Milli mücadelede yeni bir ruh taşıyorduk. Bu ruh yeni kıymet hükümleri idi. Eski hayata tamamen düşman, yeni bir hayata susamıştık. Bu ruh haleti bizde pek şiddetli ve hareketli idi. Kabına sığamayan insanlardık. Bu hal, ihtilâl devrinin korkusuz ve yıkıcı galeyânı idi. Ağır yürüyen ve hafif konuşan pek azdı. En ufak bir hadise bizi çılgına döndürüyordu. Derhal yıkmak ve yok etmek istiyorduk. Yaşayışımız pek sade, o kadar ki, sefalete düşen bir insan gibi yoksul hayatı. Hepimiz memleketlerimizden getirdiğimiz elbiseleri, yahut satın aldığımız birer avcı ceketini giyiyor, kilot pantolonlarımızın üzerine bir yün çorap çekiyorduk. Yakalıklı ve kravatlımız pek sayılı idi. Şık giyinen kimse yoktu. Yediklerimiz pek sade idi. Kaldığımız yer boş bir han odası, ortasında bir portatif karyola, bir de iskemleden ibaretti.

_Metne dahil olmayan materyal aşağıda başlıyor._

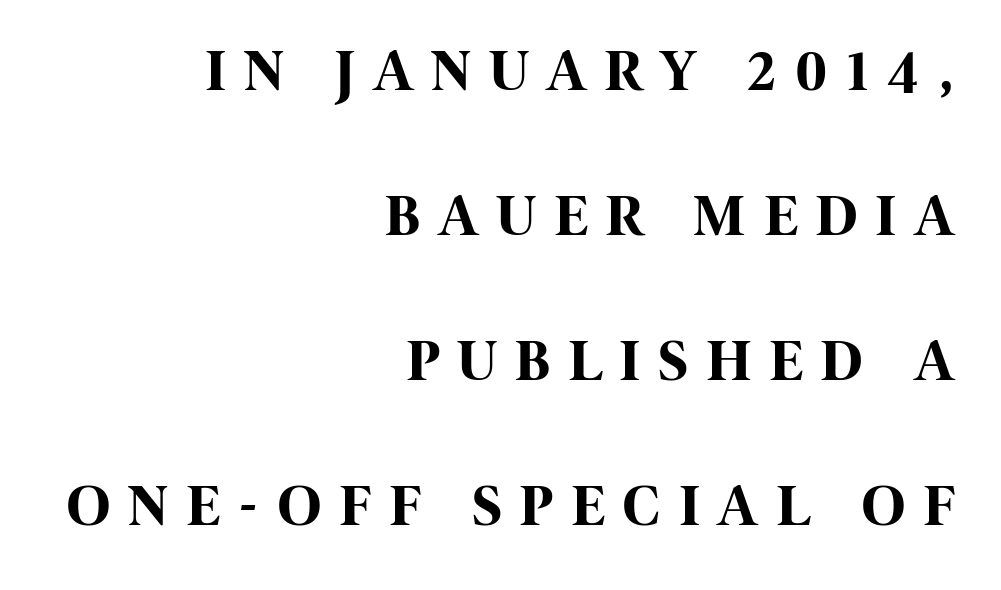
The image shows 59 px bold, condensed sans-serif type, upright; set right-aligned, loose line spacing (2.46x), unusually wide letter spacing (+0.33 em), not underlined; high stroke contrast and a large x-height.
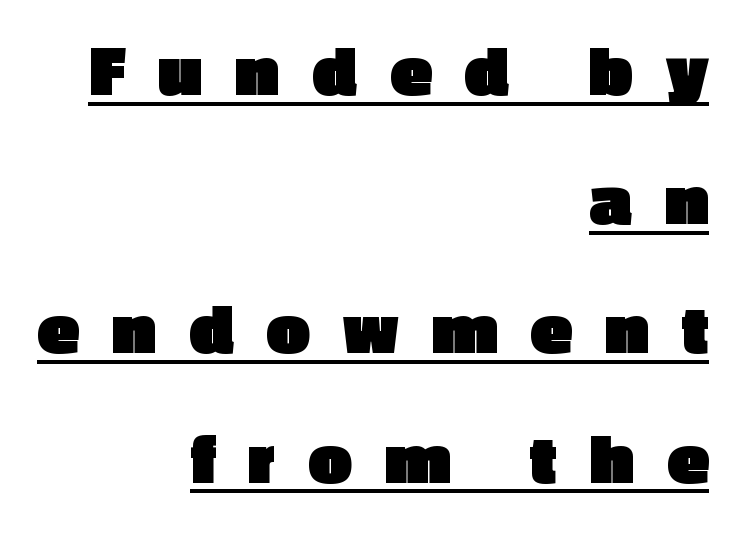
{"serif": "no", "italic": "no", "bold": "yes", "weight": "heavy", "width": "normal", "x_height": "medium", "monospaced": "no", "underline": "yes", "align": "right", "line_spacing": "normal", "line_spacing_ratio": 1.7, "letter_spacing": "wide", "letter_spacing_em": 0.44, "glyph_px": 76}

Atatürk o zamanlar kırk yaşlarında idi. Suriye cephesinde böbreklerinden rahatsızlandığı için çok zayıftı. Daima avcı ceketi ve kilot pantolon giyer, üzerine de bir yün çorap çekerdi. Elinde bulunan bir yeşil tesbihi çekerdi. Neşeli ve hareketli değildi. ... Mustafa Kemal bir bağ evinde aynı yoksul hayatı yaşamakta idi (Şapolyo, 1967; 145, 177, 180, 186, 192).

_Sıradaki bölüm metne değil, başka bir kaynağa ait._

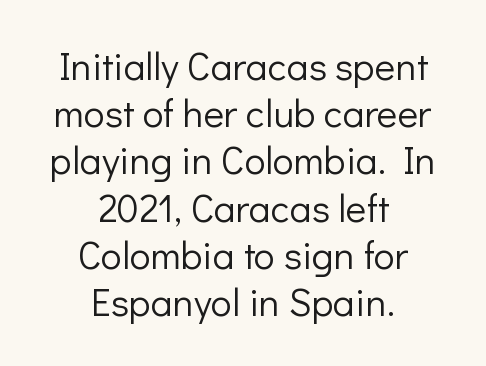
Q: Is the text bold? A: No.
Q: Is the text italic (slanted)? A: No, it is upright.
Q: Is the typeface a serif or a sans-serif typeface? A: Sans-serif.
Q: Is the text underlined? A: No.
Q: How is the paragraph aligned? A: Centered.
Q: Is the spacing between letters normal or unusually wide? A: Normal.
Q: Width (condensed, normal, or wide)? A: Normal.
Q: Stroke contrast? A: Low.
Q: x-height? A: Medium.
Q: Monospaced? A: No.
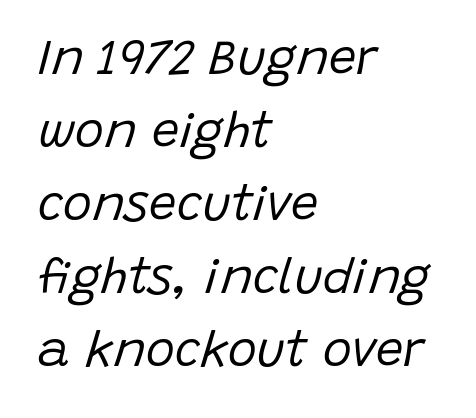
{"italic": "yes", "lean": "right", "slant_degrees": 15, "bold": "no", "weight": "regular", "width": "normal", "stroke_contrast": "low", "x_height": "large", "monospaced": "no", "underline": "no", "align": "left", "line_spacing": "normal", "line_spacing_ratio": 1.49, "letter_spacing": "normal", "letter_spacing_em": 0.0, "glyph_px": 49}
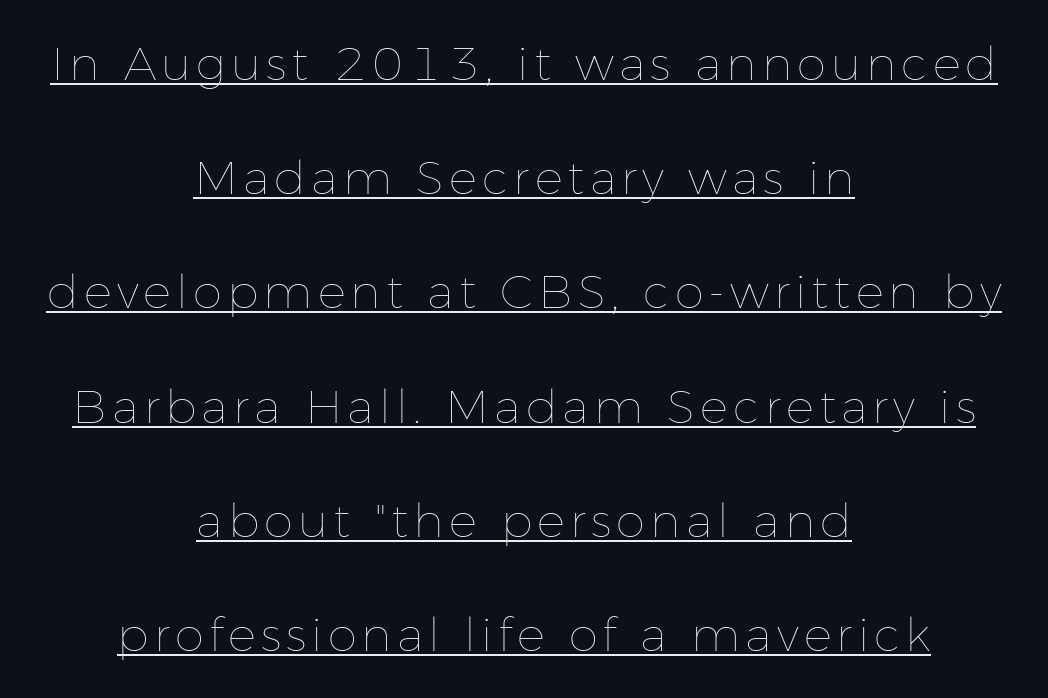
Centered paragraph, ragged on both sides. Note the varied advance widths — an 'i' is clearly narrower than an 'm'. Is this a heavy cut? Hardly; it is regular or lighter. Style check: upright. What decoration does the sample have? An underline. Regarding leading, the lines here are spaced well apart.

Komintern görevlisi olarak İstanbul üzerinden Ankara’ya gelen heyetin üyelerinden biri olan Fransız sosyalisti Magdeleine Marks’ın gözünden Ankara’yı tanımaya çalışmak ise acı vericiydi:
Gerçekten de Ankara burası mıydı? Bu tuhaf, yoğun taş yığınları, bu çıplak arazi, bu bomboş grilik, bu hüzün müydü? Sağda solda görülen bu ha yıkıldı ha yıkılacak harabelerin arasından uzanan ortası tümsek geçit, yol muydu, sokak mıydı? Yani yeni başkentin insanları geniş kuşaklarını kemer gibi bağlamış, kocaman cepli şalvarlar giyen bu köylüler miydi? Bu kentin dükkânları, bu girişleri mağaraya benzeyen izbe delikler miydi?

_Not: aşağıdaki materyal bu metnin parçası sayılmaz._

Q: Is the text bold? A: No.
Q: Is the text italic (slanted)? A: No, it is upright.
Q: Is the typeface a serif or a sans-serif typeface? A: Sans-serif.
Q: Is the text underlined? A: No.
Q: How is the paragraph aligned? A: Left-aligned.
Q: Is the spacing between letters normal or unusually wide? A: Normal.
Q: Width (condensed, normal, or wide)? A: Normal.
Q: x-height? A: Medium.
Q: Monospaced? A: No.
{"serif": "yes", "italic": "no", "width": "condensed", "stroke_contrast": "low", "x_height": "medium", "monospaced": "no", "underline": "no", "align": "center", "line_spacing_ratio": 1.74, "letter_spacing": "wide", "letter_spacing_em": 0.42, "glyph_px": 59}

Bizler gazetelerde bu memlekette bir devrim olduğunu okumuştuk. Peki nasıl oluyor da gözlerimizin önünde bunca sefalet varken, böylesine perişan bir gerilik gözlenirken, bu koskocaman açılmış gözlerde bu kadar az umut olabiliyor? Burada sanki Rusya’dan bir köşe bulmuş gibiydik: Kaynar çayın buharında ve sigara izmaritlerinin dumanında sürüp giden bitmek tükenmek bilmez konuşmalar, şaşırtıcı kibarlık gösterileri, tutkuyla savunulan fikirler, gecenin içinde yankılanan şarkılar.
Yorgun ve sıska eşeğini dürtükleyerek yol alan şu yaşlı ve şaşı adam ile birkaç adım gerisinden gelen bir sürü örtünün altında gizlenmiş kadınlar, trahomun kemirip tükettiği sapsarı suratlı çocuklar... Suratları yolun taşlarıyla aynı renk, sırtları forsaya çakılmış kölelerinki gibi iki büklüm insancıklar...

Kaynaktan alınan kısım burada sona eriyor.